■ **EXERCISE**: I'd like the entries repeated exactly, without their pictures.

■ **Dataset entries**:
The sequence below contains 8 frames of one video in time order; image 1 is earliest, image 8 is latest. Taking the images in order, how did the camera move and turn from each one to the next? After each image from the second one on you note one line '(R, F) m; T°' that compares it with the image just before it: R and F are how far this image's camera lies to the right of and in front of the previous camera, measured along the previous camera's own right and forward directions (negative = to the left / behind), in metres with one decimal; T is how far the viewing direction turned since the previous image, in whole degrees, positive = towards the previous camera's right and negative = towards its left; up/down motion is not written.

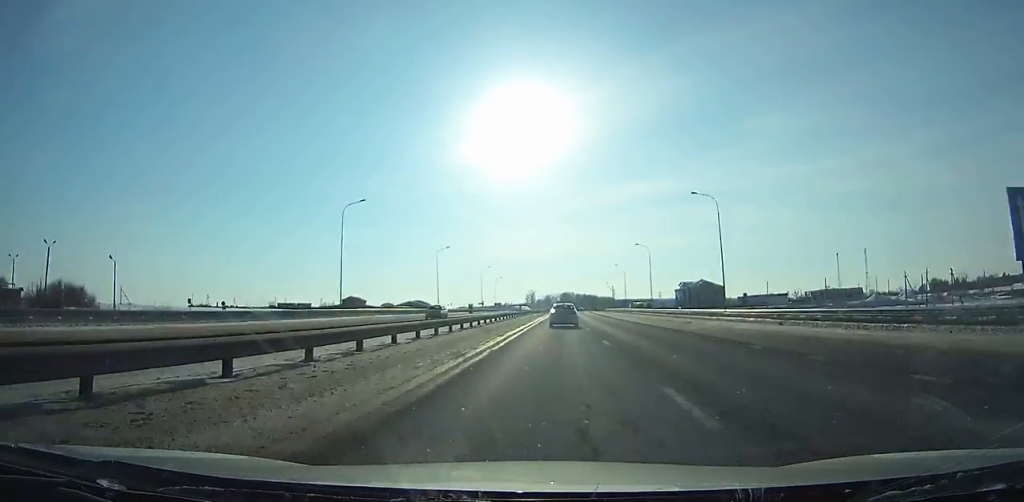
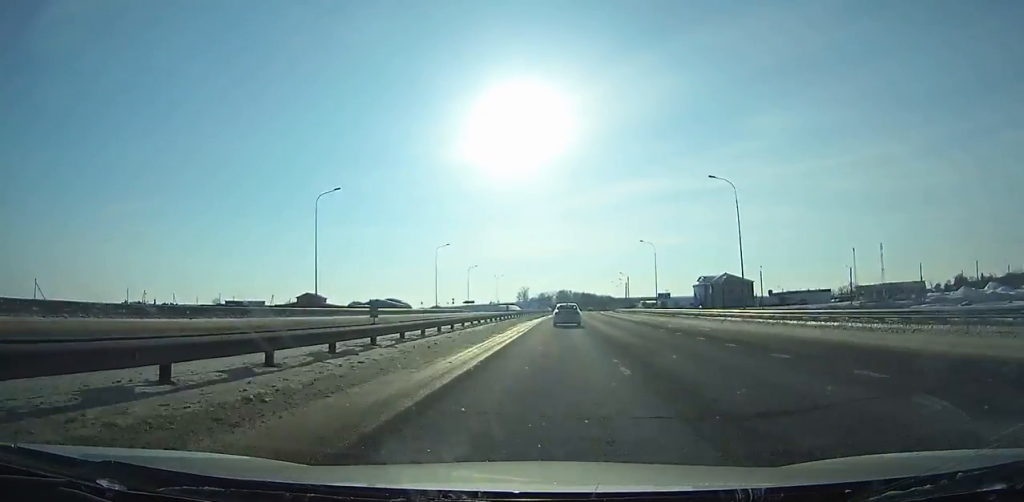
(+0.1, +54.7) m; +1°
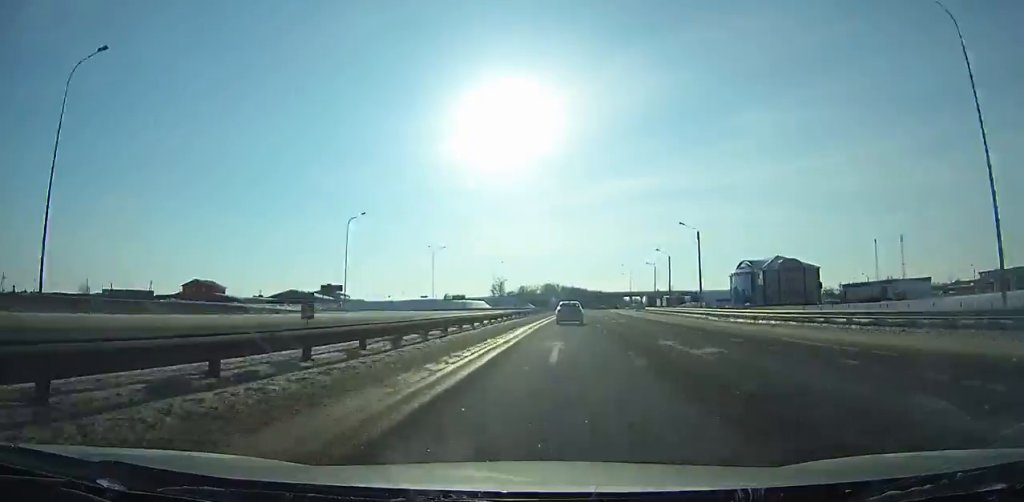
(+0.9, +81.6) m; +2°
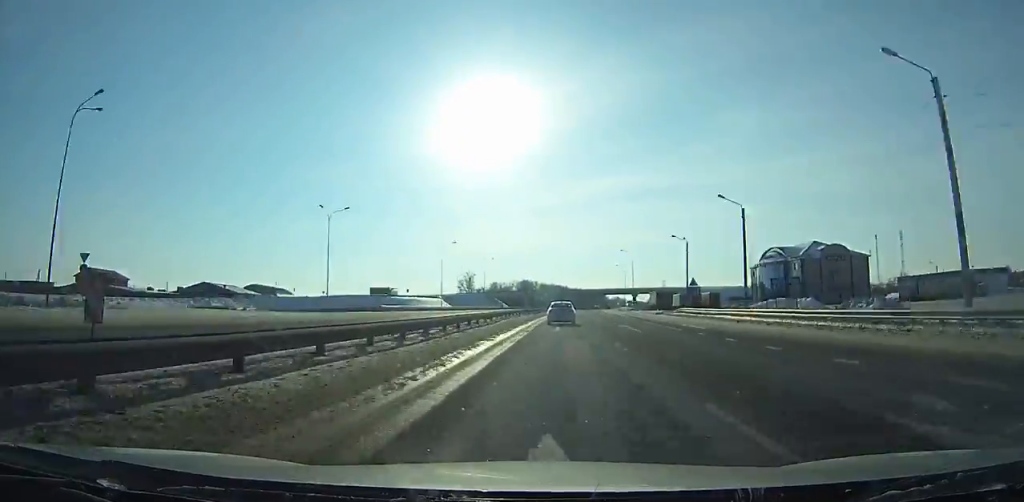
(-0.2, +42.2) m; +1°
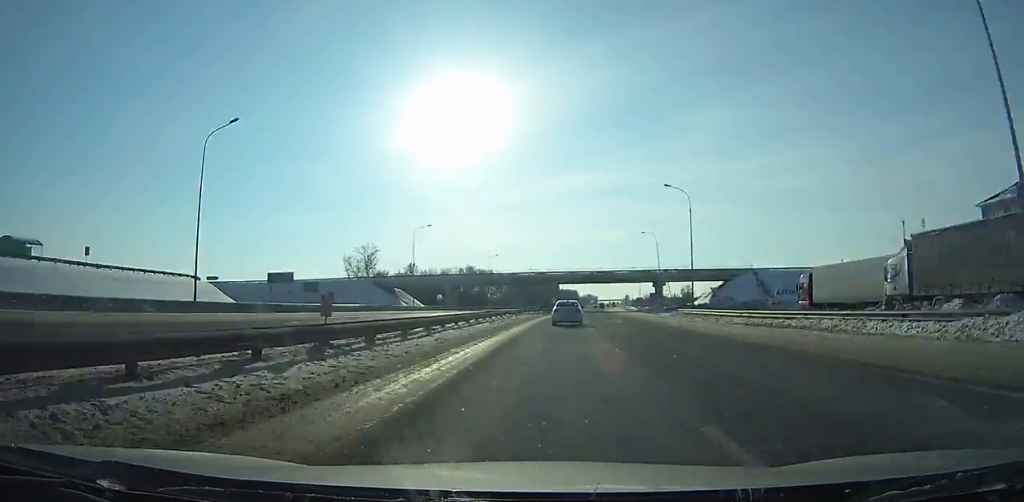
(+4.0, +107.5) m; +4°
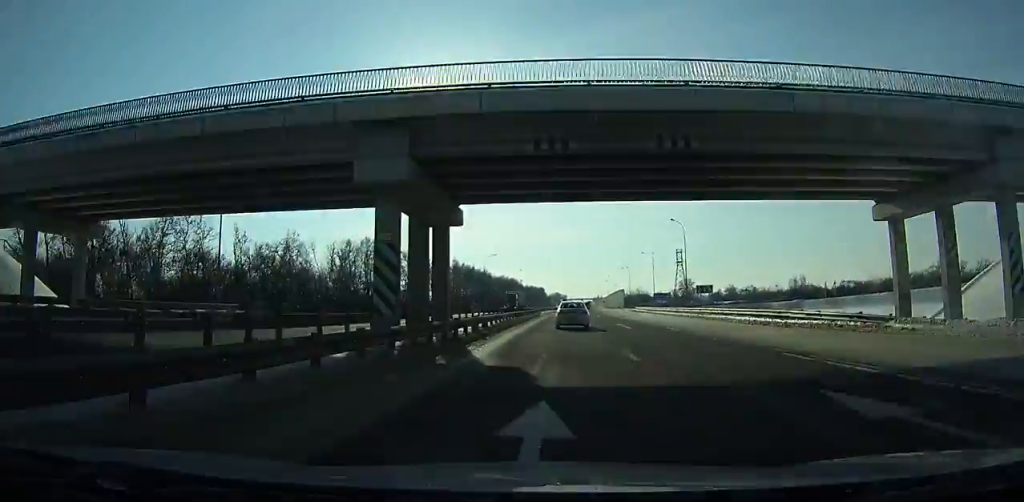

■ **RESULT OF THIS TASK**:
The sequence below contains 8 frames of one video in time order; image 1 is earliest, image 8 is latest. Taking the images in order, how did the camera move and turn from each one to the next? After each image from the second one on you note one line '(R, F) m; T°' that compares it with the image just before it: R and F are how far this image's camera lies to the right of and in front of the previous camera, measured along the previous camera's own right and forward directions (negative = to the left / behind), in metres with one decimal; T is how far the viewing direction turned since the previous image, in whole degrees, positive = towards the previous camera's right and negative = towards its left; up/down motion is not written.

(+0.1, +54.7) m; +1°
(+0.9, +81.6) m; +2°
(-0.2, +42.2) m; +1°
(+4.0, +107.5) m; +4°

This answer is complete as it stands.